Estuve caminando por la mañana alrededor de la Catedral, la Universidad de McGill y alguna tienda de discos. Luego tomé el tren suburbano hacia el aeropuerto y de allí caminé hacia la zona de renta de autos para sacar un Toyota Prius Híbrido. Los de National me engañaron y no lo tuvieron disponible y a cambio me ofrecían uno del mismo tamaño; como el consumo de combustible sería mucho mayor lo rechacé y pedí un compacto -había visto un Suzuki Swift en su portal-, pero no pregunté cuál me darían. Cuando ya tenía las llaves descubrí con lamento que era un horrible PT Cruiser, que además, me estaba costando sólo 30 dólares menos, pero que con el seguro terminaba costándome 50% más de lo que había presupuestado.
Por dentro el PT Cruiser era un Volkswagen. El volante delgado e incómodo, aunque hidráulico; la palanca de cambios simulaba una palanca de velocidades. El radio tenía una pésima acústica, pero la cajuela era amplia, lo mismo que la segunda fila de asientos que jamás utilicé.
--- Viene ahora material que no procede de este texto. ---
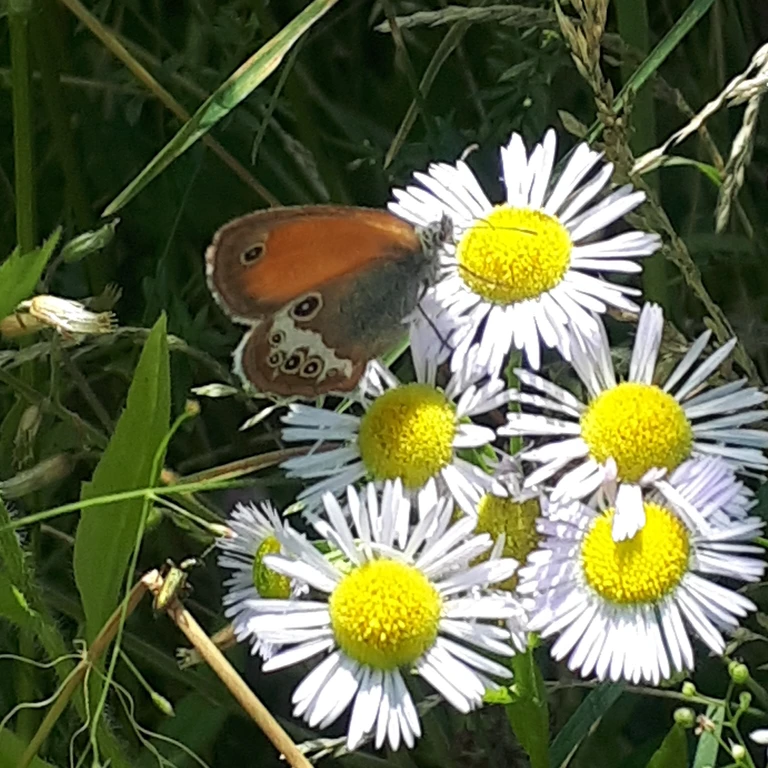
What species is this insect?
Coenonympha arcania
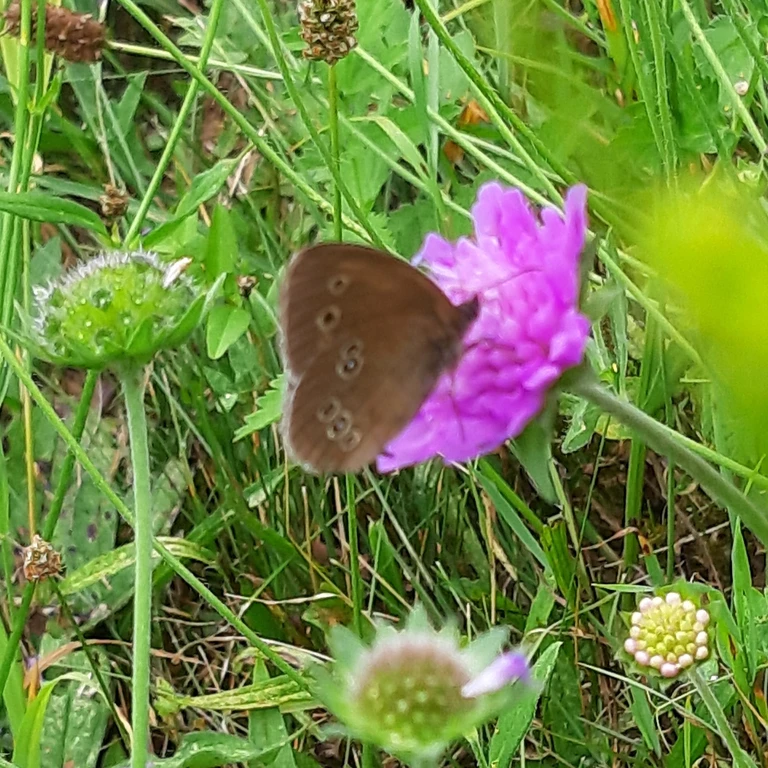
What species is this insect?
Aphantopus hyperantus
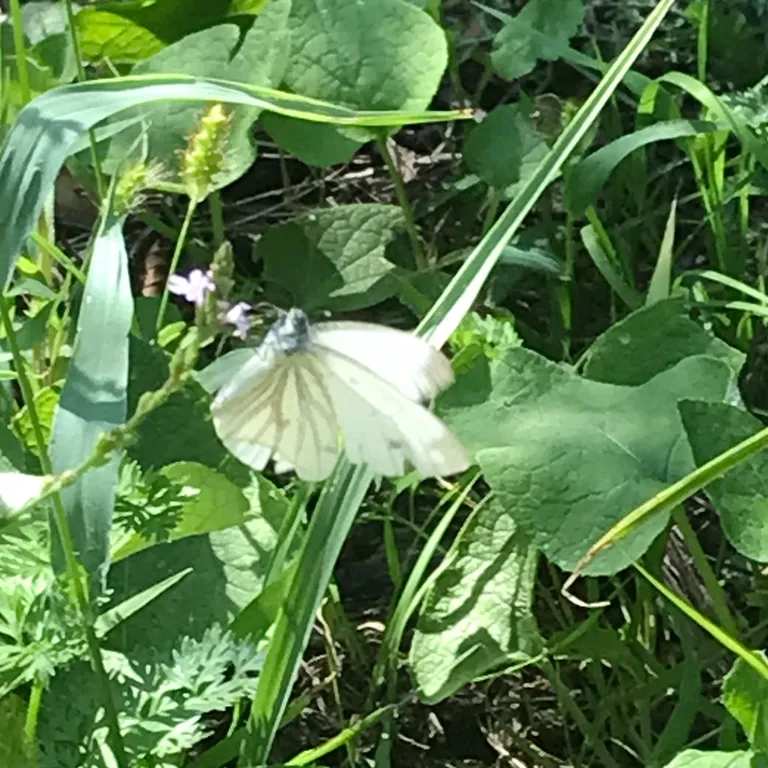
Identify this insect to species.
Pieris napi
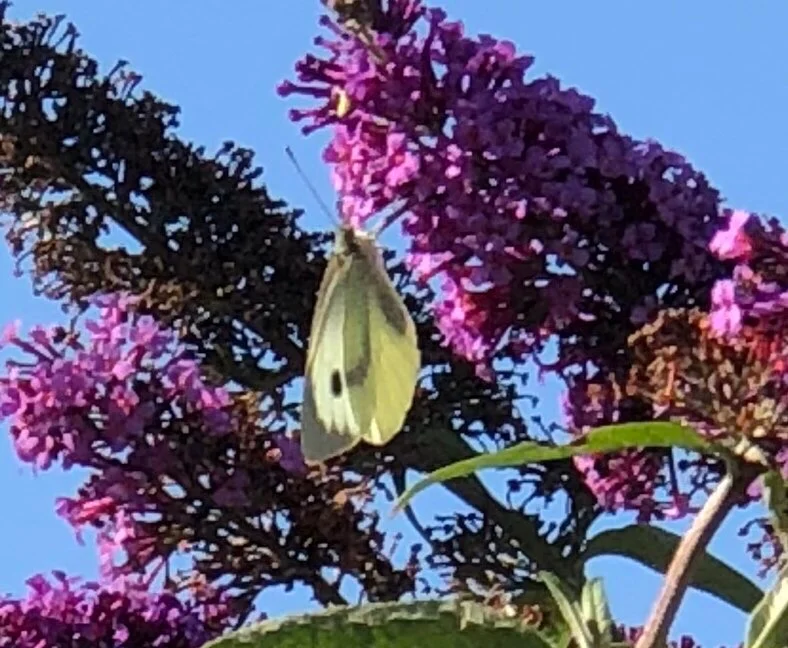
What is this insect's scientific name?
Pieris brassicae
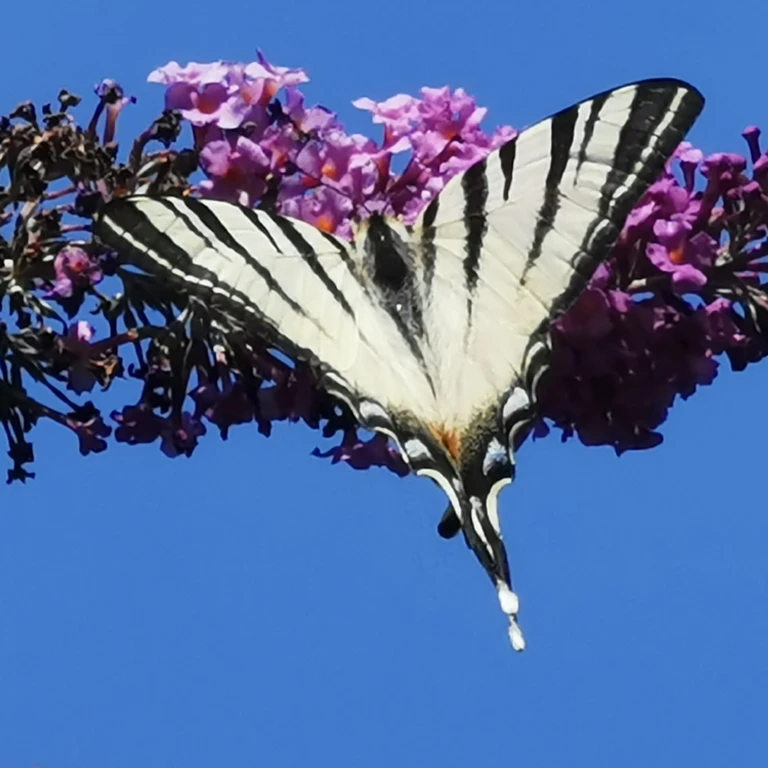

Volví a Montreal tres días después, sólo para cruzarla y conocer la zona Olímpica. Me seguí hacia Ottawa. Finalmente volví tres días después ya en la parte final de mi viaje. Visité un centro comercial en las afueras, luego me dirigí a mi hotel, esta vez justo en frente del aeropuerto, y dormí. Al día siguiente pensé en ir al centro con el auto, pero como lo debía devolver antes de las 16:30 preferí alistarlo para la entrega. Temprano lo llevé a lavar (ignoro si había que entregarlo lavado, pero en México así es) y llené el tanque de gasolina (en eso sí me hicieron énfasis). Después entregué el coche y con una simple revisión y un handheld me entregaron mi cuenta final. Caminé hacia la estación del tren suburbano y compré mi boleto, pero al descubrir que pasaría hora y media después, fui al centro comercial que estaba a una calle a comprar algunos obsequios, que luego dejé en mi cuarto pues el hotel está a un lado de la estación, y tomé el tren. Caminé por el Montreal viejo y fue cuando le encontré su gracia a la ciudad. Por la tarde fui hacia la Isla de Santa Helena y visitar el Museo de la Biosfera y luego corrí para tomar el penúltimo tren, pero al ver de nuevo los horarios, éste había partido una hora antes. El siguiente saldría casi dos horas después. Al llegar a la estación vi un letrero que decía Massage. Cuando supe los horarios del tren volví hacia el lugar, donde recibí un baño con sales, y simples caricias de una jovencita tan morena como la noche, un dulce rostro del Océano Índico y de un lugar tan inmensamente desconocido para mi geografía mental, como la Isla Mauricio. Después de despedirme de ella con un beso en cada mejilla, volví a la estación con un brillo matutino, con el que esperé la llegada del último tren, y su partida unos 15 minutos después.
Dejé ordenado mi equipaje y dormí unas cuatro horas. Me levanté y me despedí de Canadá, cuando vi 06 y debajo R sentí el impulso y ya no estaba en suelo canadiense.